Supplied entries below:

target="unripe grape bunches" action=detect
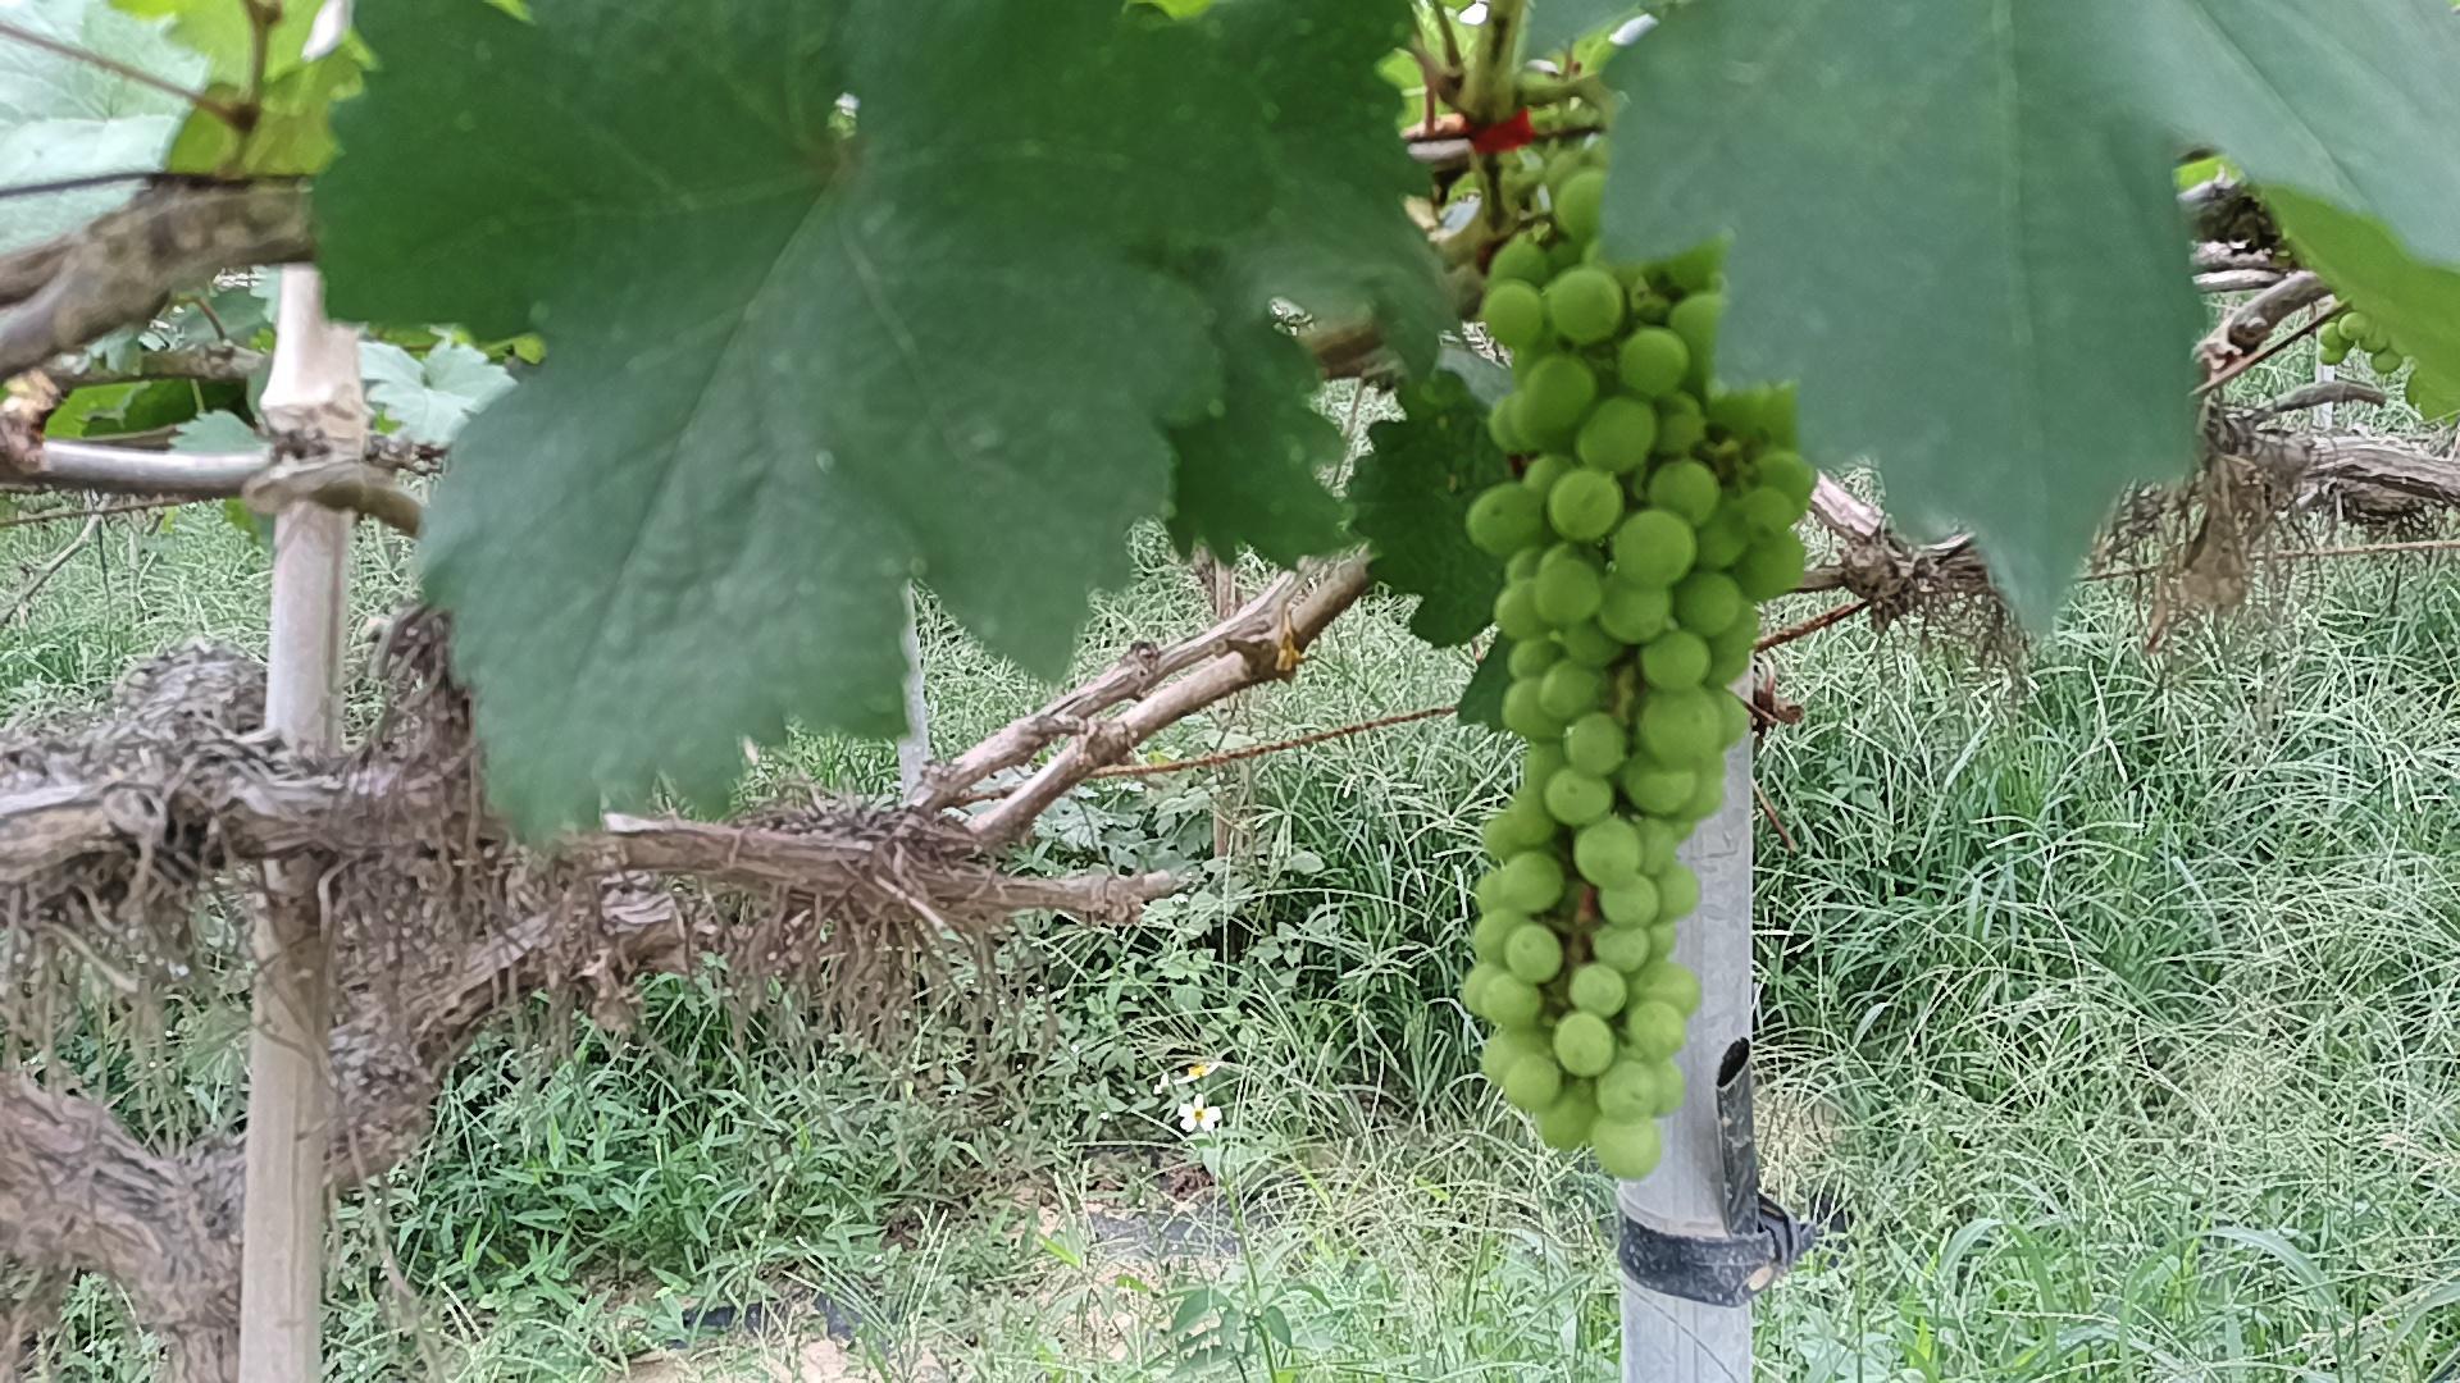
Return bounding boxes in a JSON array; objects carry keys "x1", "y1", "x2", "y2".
[
  {"x1": 1463, "y1": 140, "x2": 1813, "y2": 1179},
  {"x1": 2315, "y1": 298, "x2": 2411, "y2": 383}
]

End of Supplied entries.

[Work task]: Transcribe the material above in full. No picture is to be copied.

[Solution for this task]:
target="unripe grape bunches" action=detect
Return bounding boxes in a JSON array; objects carry keys "x1", "y1", "x2", "y2".
[
  {"x1": 1463, "y1": 140, "x2": 1813, "y2": 1179},
  {"x1": 2315, "y1": 298, "x2": 2411, "y2": 383}
]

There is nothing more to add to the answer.